2.        Dimensi Ibadah (Religious Practice). Meliputi frekuensi, intensitas, variasi, serta pemaknaan seseorang dalam menjalankan ritual keagamaannya.
3.        Dimensi Pengalaman (Religious Feeling). Meliputi perasaan-perasaan atau emosi keagamaan yang dirasakan oleh seseorang, yang diperoleh dair peristiwa di sekelilingnya. Mencakup juga pengalaman-pengalaman khusus dan perubahan emosi religius yang dialami seseorang atau sekelompok orang.
4.        Dimensi Pengetahuan (Religious Knowledge). Mencakup tingkat pengetahuan, penghafalan, serta pengetahuan seseorang mengenai ajaran agamanya, berikut usaha yang dilakukan untuk memperolehnya.
5.        Dimensi Konsekuensial (Religious Effect). Mencakup sejauh mana perilaku seseorang sehari-hari dan dalam kehidupan sosial dilandasi oleh agamanya. Dalam islam, dimensi ini dapat disamakan dengan akhlak atau kesalehan sosial.
Seorang individu bisa memiliki tingkat yang tinggi dalam satu dimensi, namun memiliki tingkatan yang rendah dalam dimensi lain. Misalnya, seseorang bisa jadi rajin beribadah (tinggi dalam dimensi ibadah-nya), namun sombong dan tidak suka bersedekah (rendah dalam dimensi konsekuensial). Bisa juga ada orang lain yang sangat menguasai pengetahuan tentang agama (tinggi dalam dimensi pengetahuan), namun hal itu justru membuat dia meragukan Tuhan (rendah dalam dimensi keyakinan). Dan masih banyak contoh lainnya.
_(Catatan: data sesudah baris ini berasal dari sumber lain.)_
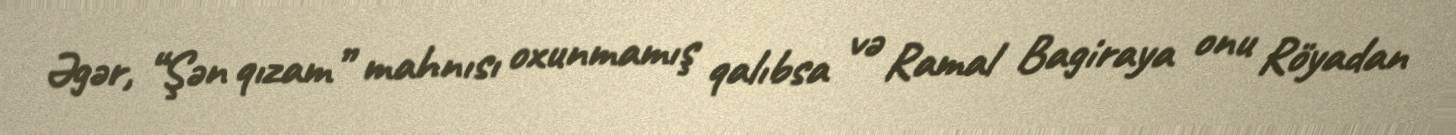
Əgər, “Şən qızam” mahnısı oxunmamış qalıbsa və Ramal Bagiraya onu Röyadan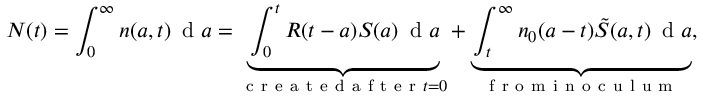
N ( t ) = \int _ { 0 } ^ { \infty } { n ( a , t ) \, \mathrm { ~ d ~ } a = \underbrace { \int _ { 0 } ^ { t } { R ( t - a ) S ( a ) \, \mathrm { ~ d ~ } a } } _ { \mathrm { ~ c ~ r ~ e ~ a ~ t ~ e ~ d ~ a ~ f ~ t ~ e ~ r ~ } t = 0 } + \underbrace { \int _ { t } ^ { \infty } { { { n } _ { 0 } } ( a - t ) \tilde { S } ( { a , t } ) \, \mathrm { ~ d ~ } a } } _ { \mathrm { ~ f ~ r ~ o ~ m ~ i ~ n ~ o ~ c ~ u ~ l ~ u ~ m ~ } } } ,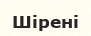
Шірені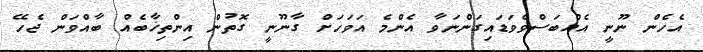
އެހެން ނޫނީ އެއްބަސްވެވަޑައިގަންނަވާ އެންމެ އަވަހަށް ގާނޫނީ ގޮތުން އިންތިޚާބެއް ބާއްވަން ޖެހޭ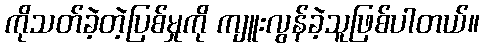
ကိုသတ်ခဲ့တဲ့ပြစ်မှုကို ကျူးလွန်ခဲ့သူဖြစ်ပါတယ်။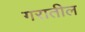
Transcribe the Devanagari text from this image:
गरातील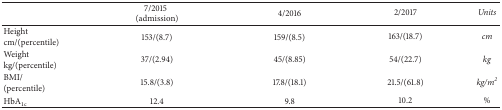
<table><thead><tr><td><b> </b></td><td><b>7/2015(admission)</b></td><td><b>4/2016</b></td><td><b>2/2017</b></td><td><b><i>Units</i></b></td></tr></thead><tbody><tr><td>Height cm/(percentile)</td><td>153/(8.7)</td><td>159/(8.5)</td><td>163/(18.7)</td><td><i>cm</i></td></tr><tr><td>Weight kg/(percentile)</td><td>37/(2.94)</td><td>45/(8.85)</td><td>54/(22.7)</td><td><i>kg</i></td></tr><tr><td> BMI/(percentile)</td><td>15.8/(3.8)</td><td>17.8/(18.1)</td><td>21.5/(61.8)</td><td><i>kg/m</i><sup><i>2</i></sup></td></tr><tr><td>HbA<sub>1c</sub></td><td>12.4</td><td>9.8</td><td>10.2</td><td><i>%</i></td></tr></tbody></table>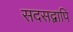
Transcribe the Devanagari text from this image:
सदसद्वापि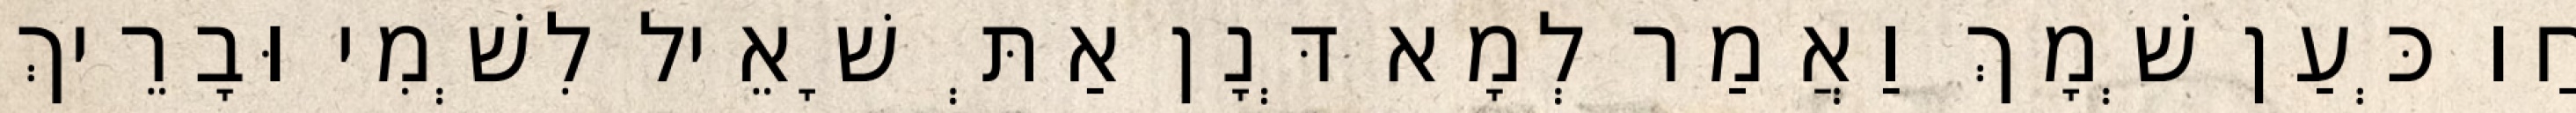
חַו כְּעַן שְׁמָךְ וַאֲמַר לְמָא דְּנָן אַתְּ שָׁאֵיל לִשְׁמִי וּבָרֵיךְ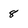
Character: 8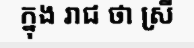
ក្នុង រាជ ថា ស្រី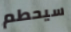
سيحطم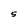
Character: 5

Berdasarkan konsep tersebut, maka yang dapat disebut sebagai orang yang ‘relijius’ (atau versi saya, orang yang ‘baik’) adalah orang yang memenuhi lima dimensi di atas. Apabila salah satu saja dari kelima dimensi di atas tidak dimiliki oleh orang yang bersangkutan, maka dia tidak dapat dibilang ‘relijius’ atau ‘baik’.
Jadi, sebenarnya, orang yang tidak taat beragama namun baik hati, dengan orang yang taat beragama namun sedikit munafik, itu statusnya sama. Tidak ada yang lebih rendah atau lebih tinggi. Dan kurang bijak juga untuk memandang negatif keduanya, karena bagaimanapun untuk menjadi orang yang betul-betul relijius itu sulit (saya pribadi pun merasa belum bisa seperti itu).
Menjadi manusia yang sempurna itu mustahil, akan tetapi setidaknya kita sebagai manusia berupaya memenuhi kelima dimensi di atas walaupun mungkin masih dalam taraf yang rendah. Tapi setidaknya, melalui pemahaman tentang religiusitas ini (bisa Anda baca-baca lagi dari berbagai sumber), di satu sisi kita tidak mudah untuk men-judge orang lain buruk, dan di sisi lain kita tetap meyakini bahwa yang namanya Agama itu Penting.




referensi :
Ancok, D. & Suroso, F.N. (2004). Psikologi islami. Yogyakarta:Pustaka Pelajar.